I've been manually setting page.page_latest back to sane values at the database level, one page at a time, as I have a brazillion very dissatisfied users at this point.

This process needs to be automated, and the bug that allowed this situation to occur needs to be fixed. Any suggestions?

Event Timeline

Carlb created this task.Sat, Nov 21, 9:39 PM
Restricted Application added a subscriber: Aklapper. · View Herald TranscriptSat, Nov 21, 9:39 PM
RhinosF1 added a subscriber: RhinosF1.EditedSat, Nov 21, 10:54 PM

Doesn't the update guide advise making the wiki read only while updates in progress

Carlb added a comment.EditedSat, Nov 21, 11:34 PM

When retrieving pages manually from the database, the names may contain Unicode. A string literal may therefore need the _latin1, _binary or _utf8mb4 modifiers, ie:

SELECT * FROM `page` WHERE `page_title` LIKE _binary'Seleção_Venezuelana_de_Futebol';

If manually changing page.page_latest to point to some other revision to "fix" a page becoming uneditable, the revision id may be obtained from the page history, by clicking the direct link to the last "good" version, ie:

https://desciclopedia.org/index.php?title=Azul_Linhas_Aéreas_Brasileiras&oldid=3899292

The affected page can be found in the page table:

SELECT * FROM `page` WHERE `page_namespace`= 0 AND `page_title` = _binary'Azul_Linhas_Aéreas_Brasileiras';

(in this example, page_id=300716) and patched to point to the last revision visible in the page history, for example:

UPDATE `page` SET `page_latest` = '3899292' WHERE `page`.`page_id` = 300716;

After making any database changes, refresh the page with action=purge:

https://desciclopédia.org/index.php?title=Azul_Linhas_Aéreas_Brasileiras&action=purge

Otherwise, the "broken" version may still appear due to caching.

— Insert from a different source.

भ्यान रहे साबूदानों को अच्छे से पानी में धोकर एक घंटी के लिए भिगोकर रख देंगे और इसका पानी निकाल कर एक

That doesn't restore the "lost" or hidden revisions, but it will at least make the page editable and readable.

Doesn't the update guide advise making the wiki read only while updates in progress

It does on the wiki page, but it doesn't look like the UPGRADE file in the repo suggests it.

It is also currently somewhat broken (T151833: maintenance/update.php complains about locked database when $wgReadOnly is set) and it doesn't report the error properly if you don't see the note about the workaround method (T203914: Update.php script fails to report database read-only error).